[ASSIGNMENT]: Produce word for word the lines of the data below running from the one that has "189.677H284.351C284.634 184.483 284.776" to the one that has "189.677H295.424C295.707 184.483 295.849", inclusive, and no others.

[MATERIAL SHOWN]:
* * * *
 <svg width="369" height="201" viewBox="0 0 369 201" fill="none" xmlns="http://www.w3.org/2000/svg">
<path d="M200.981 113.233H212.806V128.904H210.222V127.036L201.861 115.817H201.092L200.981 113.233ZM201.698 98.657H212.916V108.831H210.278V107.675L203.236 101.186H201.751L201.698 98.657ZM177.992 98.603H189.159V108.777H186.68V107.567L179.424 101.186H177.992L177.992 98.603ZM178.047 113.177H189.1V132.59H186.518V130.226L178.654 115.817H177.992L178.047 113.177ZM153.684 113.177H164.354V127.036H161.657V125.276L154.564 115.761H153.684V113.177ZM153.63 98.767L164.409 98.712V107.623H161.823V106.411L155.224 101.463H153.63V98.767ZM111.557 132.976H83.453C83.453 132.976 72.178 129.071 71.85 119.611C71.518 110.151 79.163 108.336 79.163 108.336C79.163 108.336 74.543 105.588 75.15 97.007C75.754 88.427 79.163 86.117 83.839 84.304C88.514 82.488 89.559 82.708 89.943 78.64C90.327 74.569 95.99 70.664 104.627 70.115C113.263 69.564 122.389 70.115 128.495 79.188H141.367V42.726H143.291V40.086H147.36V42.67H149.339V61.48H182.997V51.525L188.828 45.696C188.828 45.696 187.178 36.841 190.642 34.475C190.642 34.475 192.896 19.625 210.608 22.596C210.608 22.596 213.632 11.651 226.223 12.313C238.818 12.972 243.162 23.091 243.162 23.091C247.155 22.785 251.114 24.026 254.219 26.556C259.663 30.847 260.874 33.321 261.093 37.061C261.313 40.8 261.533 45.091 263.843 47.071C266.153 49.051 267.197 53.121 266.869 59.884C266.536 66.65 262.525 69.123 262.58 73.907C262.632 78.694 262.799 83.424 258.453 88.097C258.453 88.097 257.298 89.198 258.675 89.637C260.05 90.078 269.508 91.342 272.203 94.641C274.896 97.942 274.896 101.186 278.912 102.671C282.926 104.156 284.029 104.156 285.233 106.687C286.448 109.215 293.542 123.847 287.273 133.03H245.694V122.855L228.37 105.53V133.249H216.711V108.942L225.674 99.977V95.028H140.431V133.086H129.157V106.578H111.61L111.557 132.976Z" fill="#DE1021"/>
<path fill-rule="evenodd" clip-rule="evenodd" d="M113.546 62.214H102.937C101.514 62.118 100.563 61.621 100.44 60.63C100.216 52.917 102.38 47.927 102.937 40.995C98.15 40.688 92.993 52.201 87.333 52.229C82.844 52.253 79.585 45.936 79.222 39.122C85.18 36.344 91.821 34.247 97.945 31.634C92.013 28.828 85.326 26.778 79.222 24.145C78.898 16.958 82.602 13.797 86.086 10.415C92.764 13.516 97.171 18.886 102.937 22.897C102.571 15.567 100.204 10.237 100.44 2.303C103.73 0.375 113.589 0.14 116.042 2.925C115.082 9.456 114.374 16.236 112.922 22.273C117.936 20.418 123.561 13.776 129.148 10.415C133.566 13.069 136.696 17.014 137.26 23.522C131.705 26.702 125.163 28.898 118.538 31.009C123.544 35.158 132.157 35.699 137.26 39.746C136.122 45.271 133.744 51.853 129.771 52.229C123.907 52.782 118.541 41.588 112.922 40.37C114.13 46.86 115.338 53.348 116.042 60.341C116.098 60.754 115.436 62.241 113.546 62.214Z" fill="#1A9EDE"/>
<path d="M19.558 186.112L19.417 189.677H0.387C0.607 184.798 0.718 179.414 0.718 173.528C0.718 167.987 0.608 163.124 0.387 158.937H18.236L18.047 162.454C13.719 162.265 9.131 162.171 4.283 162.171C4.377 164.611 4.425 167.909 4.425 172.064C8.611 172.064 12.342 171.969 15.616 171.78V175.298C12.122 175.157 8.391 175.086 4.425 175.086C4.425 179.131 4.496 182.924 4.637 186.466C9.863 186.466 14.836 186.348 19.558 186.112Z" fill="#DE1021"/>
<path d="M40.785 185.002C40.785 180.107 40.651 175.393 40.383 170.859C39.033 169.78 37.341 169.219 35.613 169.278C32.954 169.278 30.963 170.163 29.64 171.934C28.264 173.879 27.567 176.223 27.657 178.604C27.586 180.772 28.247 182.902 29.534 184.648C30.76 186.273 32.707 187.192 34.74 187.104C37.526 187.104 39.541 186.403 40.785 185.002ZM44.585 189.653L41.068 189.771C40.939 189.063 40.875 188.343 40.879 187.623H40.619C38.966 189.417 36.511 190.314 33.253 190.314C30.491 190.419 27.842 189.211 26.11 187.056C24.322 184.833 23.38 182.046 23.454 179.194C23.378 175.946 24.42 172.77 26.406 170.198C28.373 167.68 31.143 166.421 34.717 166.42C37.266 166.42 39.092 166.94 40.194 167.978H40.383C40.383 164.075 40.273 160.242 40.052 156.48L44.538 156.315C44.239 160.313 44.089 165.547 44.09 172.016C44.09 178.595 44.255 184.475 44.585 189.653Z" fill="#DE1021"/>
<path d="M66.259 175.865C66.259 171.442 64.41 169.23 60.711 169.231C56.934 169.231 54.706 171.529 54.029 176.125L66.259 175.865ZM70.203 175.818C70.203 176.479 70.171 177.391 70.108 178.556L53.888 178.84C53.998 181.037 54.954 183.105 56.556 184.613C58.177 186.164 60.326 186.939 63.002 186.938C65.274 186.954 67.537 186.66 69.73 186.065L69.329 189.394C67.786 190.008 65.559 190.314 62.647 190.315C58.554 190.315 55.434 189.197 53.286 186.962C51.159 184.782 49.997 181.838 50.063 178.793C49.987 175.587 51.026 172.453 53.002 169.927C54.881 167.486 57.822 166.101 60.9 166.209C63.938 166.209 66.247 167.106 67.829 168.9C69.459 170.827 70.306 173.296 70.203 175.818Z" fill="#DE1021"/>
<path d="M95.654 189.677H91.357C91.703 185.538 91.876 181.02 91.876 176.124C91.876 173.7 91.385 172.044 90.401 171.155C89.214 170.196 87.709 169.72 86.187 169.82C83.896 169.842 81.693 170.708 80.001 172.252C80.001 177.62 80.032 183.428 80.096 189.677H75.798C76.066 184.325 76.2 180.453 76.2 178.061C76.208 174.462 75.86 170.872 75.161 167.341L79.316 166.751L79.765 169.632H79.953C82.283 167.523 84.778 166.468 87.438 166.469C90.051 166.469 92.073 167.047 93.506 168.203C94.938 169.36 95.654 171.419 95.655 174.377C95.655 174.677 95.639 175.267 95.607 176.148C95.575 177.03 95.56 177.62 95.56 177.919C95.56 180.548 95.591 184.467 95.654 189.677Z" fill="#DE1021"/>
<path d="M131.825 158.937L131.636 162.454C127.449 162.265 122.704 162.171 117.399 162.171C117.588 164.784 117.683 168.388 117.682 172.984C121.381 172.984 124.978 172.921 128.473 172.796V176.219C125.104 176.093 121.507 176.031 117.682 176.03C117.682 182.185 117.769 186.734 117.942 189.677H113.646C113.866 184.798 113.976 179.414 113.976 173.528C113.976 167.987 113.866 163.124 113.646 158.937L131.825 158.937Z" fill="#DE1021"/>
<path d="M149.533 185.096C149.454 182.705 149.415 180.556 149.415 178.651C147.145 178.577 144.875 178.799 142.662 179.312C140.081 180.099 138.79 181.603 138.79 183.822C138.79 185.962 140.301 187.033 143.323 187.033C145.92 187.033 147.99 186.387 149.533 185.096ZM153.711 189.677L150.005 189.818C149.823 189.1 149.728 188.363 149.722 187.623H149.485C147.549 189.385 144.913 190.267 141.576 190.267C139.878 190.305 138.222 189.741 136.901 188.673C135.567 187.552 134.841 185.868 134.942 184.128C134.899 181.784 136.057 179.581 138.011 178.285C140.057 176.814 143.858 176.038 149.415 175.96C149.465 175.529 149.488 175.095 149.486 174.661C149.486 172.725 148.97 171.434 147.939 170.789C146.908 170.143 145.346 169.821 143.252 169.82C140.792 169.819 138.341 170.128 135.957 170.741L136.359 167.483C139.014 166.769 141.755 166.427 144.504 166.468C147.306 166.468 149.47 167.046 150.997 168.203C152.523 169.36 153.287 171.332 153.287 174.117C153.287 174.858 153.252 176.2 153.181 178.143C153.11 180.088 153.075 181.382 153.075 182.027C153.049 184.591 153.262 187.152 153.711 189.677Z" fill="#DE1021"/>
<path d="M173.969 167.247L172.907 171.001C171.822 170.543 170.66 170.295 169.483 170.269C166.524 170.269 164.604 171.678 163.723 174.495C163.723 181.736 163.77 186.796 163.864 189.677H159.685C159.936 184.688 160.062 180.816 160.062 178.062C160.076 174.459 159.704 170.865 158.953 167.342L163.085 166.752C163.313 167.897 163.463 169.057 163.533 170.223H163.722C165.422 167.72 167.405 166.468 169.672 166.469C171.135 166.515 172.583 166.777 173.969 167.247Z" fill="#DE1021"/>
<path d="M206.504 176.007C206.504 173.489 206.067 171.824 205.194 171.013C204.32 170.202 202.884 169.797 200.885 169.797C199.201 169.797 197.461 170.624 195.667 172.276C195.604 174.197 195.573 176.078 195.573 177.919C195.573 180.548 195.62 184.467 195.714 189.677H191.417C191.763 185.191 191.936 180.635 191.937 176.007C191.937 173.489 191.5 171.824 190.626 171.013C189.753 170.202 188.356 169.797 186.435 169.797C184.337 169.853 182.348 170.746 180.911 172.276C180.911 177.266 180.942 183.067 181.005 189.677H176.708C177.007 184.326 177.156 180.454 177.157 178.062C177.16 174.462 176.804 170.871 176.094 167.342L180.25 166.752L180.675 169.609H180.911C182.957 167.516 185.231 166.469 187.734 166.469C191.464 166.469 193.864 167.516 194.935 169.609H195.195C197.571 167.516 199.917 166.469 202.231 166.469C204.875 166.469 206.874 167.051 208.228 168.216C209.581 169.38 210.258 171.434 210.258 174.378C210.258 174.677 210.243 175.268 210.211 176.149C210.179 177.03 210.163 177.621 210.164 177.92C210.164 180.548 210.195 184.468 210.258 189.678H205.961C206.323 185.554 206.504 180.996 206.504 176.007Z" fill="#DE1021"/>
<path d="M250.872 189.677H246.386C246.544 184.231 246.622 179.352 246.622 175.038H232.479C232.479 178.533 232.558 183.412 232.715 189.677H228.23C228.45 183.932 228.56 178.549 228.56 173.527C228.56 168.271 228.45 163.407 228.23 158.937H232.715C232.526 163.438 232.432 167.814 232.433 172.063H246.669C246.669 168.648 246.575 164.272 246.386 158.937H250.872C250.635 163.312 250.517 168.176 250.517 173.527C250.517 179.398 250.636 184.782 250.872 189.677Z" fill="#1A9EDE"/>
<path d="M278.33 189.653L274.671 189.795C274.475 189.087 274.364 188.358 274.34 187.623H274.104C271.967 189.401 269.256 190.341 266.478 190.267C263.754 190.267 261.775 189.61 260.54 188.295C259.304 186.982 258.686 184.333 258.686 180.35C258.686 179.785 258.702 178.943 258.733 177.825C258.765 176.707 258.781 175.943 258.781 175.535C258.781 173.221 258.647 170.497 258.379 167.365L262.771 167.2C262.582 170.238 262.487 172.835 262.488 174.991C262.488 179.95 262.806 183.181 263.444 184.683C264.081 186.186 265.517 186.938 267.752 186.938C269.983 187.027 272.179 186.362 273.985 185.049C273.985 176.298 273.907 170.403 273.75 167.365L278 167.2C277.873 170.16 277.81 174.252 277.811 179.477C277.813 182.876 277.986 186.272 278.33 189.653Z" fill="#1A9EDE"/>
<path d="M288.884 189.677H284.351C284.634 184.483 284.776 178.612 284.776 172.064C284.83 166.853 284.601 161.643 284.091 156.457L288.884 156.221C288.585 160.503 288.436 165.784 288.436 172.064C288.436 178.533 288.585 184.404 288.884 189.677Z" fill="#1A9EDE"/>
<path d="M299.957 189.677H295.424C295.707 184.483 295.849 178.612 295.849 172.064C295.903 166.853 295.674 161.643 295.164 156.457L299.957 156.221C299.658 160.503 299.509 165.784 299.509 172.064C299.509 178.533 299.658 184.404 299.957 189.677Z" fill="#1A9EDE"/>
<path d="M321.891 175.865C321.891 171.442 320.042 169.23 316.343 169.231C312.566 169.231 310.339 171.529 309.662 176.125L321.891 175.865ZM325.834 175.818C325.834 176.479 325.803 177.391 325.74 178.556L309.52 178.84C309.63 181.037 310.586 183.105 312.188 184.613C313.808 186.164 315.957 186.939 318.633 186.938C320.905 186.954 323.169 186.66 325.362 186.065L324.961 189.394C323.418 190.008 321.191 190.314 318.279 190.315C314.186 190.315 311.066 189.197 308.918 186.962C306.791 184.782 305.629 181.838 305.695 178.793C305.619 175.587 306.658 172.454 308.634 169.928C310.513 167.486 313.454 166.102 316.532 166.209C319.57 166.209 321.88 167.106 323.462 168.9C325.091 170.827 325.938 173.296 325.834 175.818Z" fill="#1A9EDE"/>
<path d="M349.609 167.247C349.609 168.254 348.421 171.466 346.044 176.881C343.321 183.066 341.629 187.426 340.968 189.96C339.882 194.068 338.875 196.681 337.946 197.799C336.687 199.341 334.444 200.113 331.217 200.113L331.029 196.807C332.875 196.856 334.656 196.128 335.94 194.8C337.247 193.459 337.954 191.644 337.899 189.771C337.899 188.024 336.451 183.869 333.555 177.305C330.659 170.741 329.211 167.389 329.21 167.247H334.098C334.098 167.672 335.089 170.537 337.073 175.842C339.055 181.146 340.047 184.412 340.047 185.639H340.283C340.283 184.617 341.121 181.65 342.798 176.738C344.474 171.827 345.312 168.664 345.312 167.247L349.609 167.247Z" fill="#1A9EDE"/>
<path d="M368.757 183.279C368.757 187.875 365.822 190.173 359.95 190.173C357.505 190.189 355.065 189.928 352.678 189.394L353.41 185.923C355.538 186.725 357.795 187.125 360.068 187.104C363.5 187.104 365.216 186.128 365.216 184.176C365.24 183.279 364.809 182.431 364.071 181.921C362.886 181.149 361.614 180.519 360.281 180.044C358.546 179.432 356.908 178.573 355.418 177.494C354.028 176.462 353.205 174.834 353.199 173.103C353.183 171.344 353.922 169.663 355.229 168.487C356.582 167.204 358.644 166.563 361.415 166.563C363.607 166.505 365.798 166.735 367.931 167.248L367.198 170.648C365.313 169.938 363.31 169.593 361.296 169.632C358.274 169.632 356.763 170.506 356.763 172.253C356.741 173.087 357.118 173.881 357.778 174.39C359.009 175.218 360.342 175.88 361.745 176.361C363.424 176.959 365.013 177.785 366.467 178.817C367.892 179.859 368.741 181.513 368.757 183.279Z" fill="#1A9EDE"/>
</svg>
* * * *
[SOLUTION TO THE EXERCISE]:
<path d="M288.884 189.677H284.351C284.634 184.483 284.776 178.612 284.776 172.064C284.83 166.853 284.601 161.643 284.091 156.457L288.884 156.221C288.585 160.503 288.436 165.784 288.436 172.064C288.436 178.533 288.585 184.404 288.884 189.677Z" fill="#1A9EDE"/>
<path d="M299.957 189.677H295.424C295.707 184.483 295.849 178.612 295.849 172.064C295.903 166.853 295.674 161.643 295.164 156.457L299.957 156.221C299.658 160.503 299.509 165.784 299.509 172.064C299.509 178.533 299.658 184.404 299.957 189.677Z" fill="#1A9EDE"/>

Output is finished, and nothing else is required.